▶ _Problem details_
Type the listing below out again exactly. No images.

Provided data Block Start

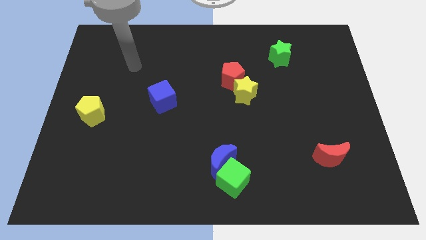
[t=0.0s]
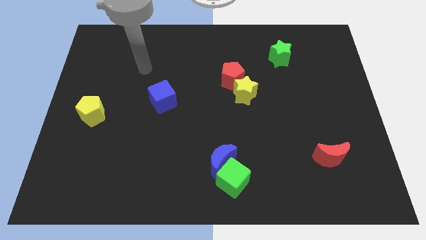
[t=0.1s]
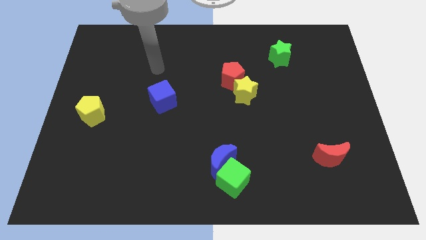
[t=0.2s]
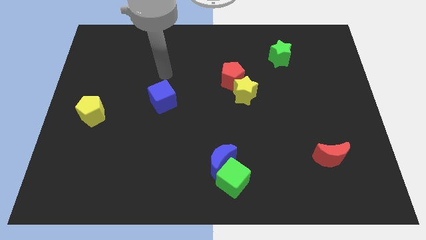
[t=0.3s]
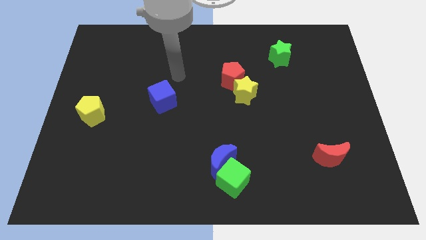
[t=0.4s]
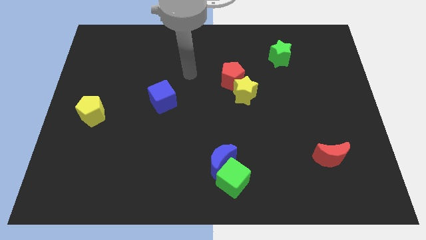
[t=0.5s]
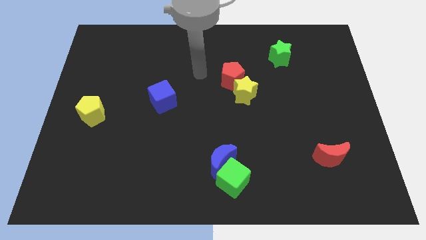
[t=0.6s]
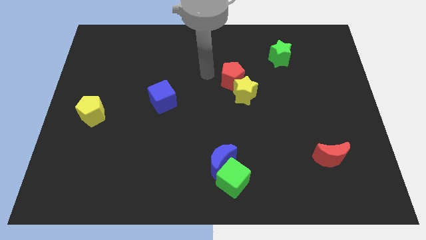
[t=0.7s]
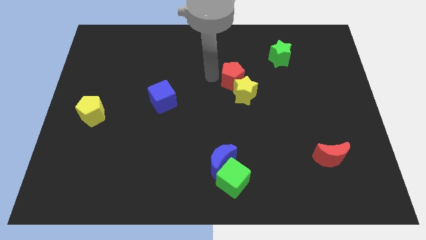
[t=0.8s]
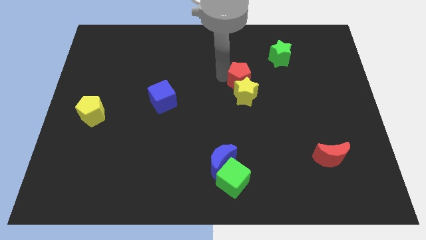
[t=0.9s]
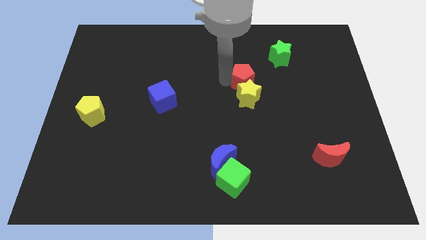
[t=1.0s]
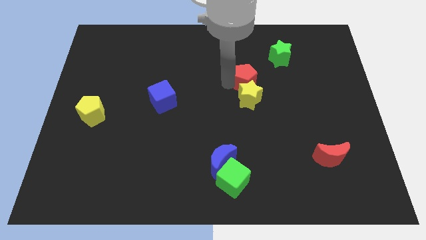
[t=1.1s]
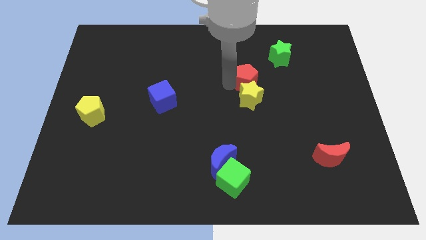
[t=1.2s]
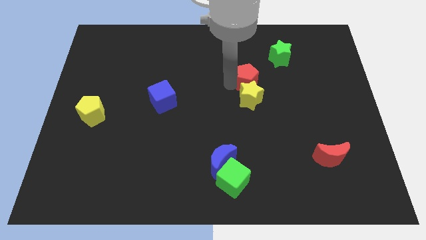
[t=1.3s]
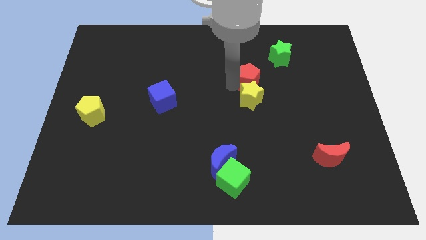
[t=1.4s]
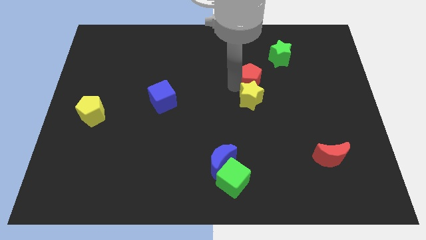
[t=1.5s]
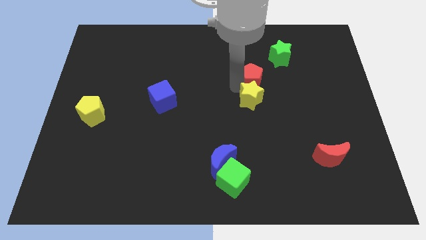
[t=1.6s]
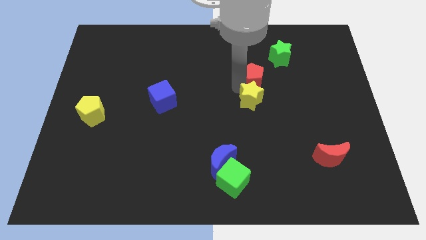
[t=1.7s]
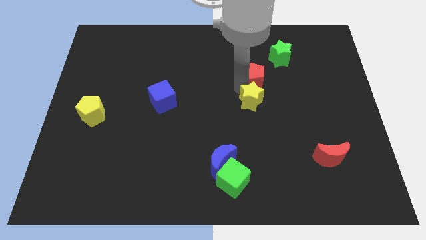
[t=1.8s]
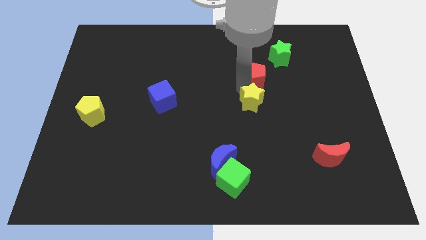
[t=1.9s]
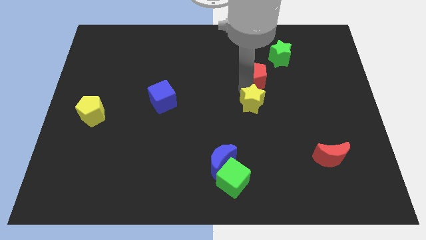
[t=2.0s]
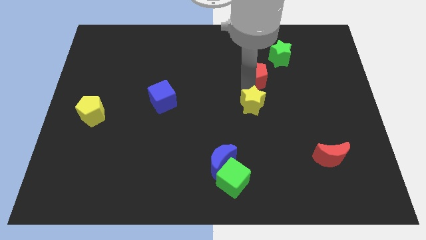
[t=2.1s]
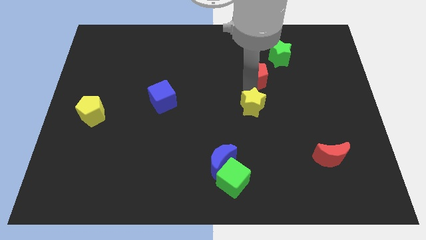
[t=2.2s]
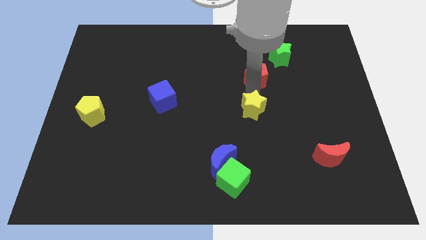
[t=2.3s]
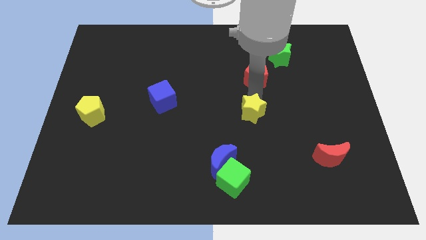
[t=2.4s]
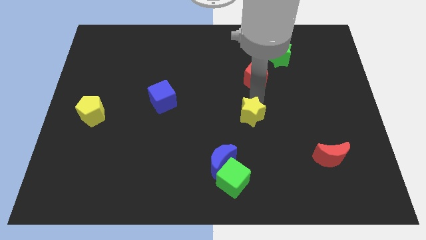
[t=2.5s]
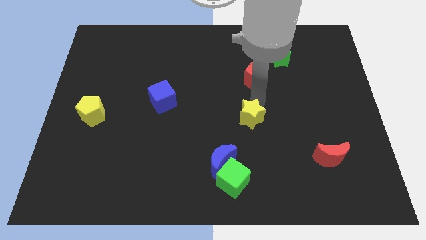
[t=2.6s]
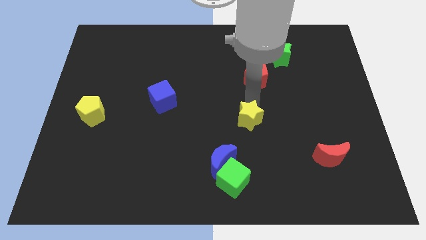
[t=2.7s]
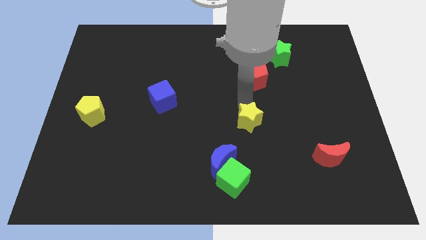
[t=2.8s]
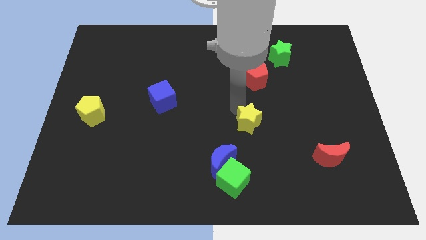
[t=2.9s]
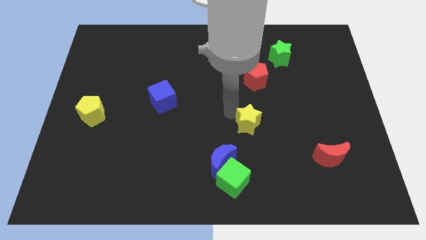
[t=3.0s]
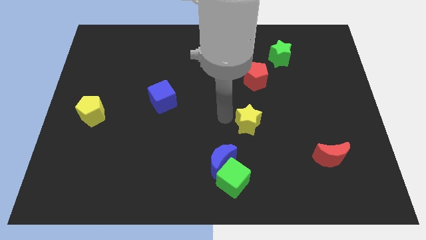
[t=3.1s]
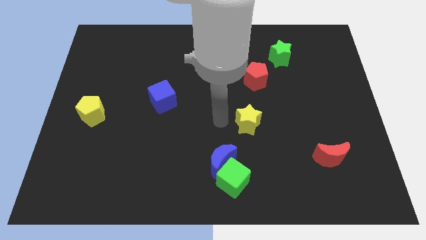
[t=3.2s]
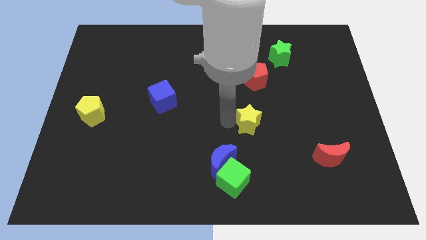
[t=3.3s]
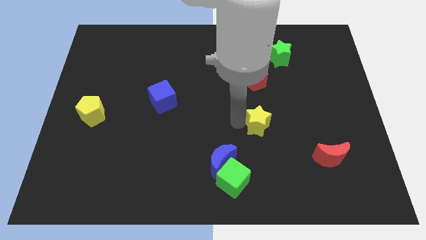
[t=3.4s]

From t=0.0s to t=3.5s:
slightly push the yellow star down and to the right diagonally

Provided data Block End

▶ _Exercise output_
[t=0.0s]
[t=0.1s]
[t=0.2s]
[t=0.3s]
[t=0.4s]
[t=0.5s]
[t=0.6s]
[t=0.7s]
[t=0.8s]
[t=0.9s]
[t=1.0s]
[t=1.1s]
[t=1.2s]
[t=1.3s]
[t=1.4s]
[t=1.5s]
[t=1.6s]
[t=1.7s]
[t=1.8s]
[t=1.9s]
[t=2.0s]
[t=2.1s]
[t=2.2s]
[t=2.3s]
[t=2.4s]
[t=2.5s]
[t=2.6s]
[t=2.7s]
[t=2.8s]
[t=2.9s]
[t=3.0s]
[t=3.1s]
[t=3.2s]
[t=3.3s]
[t=3.4s]

From t=0.0s to t=3.5s:
slightly push the yellow star down and to the right diagonally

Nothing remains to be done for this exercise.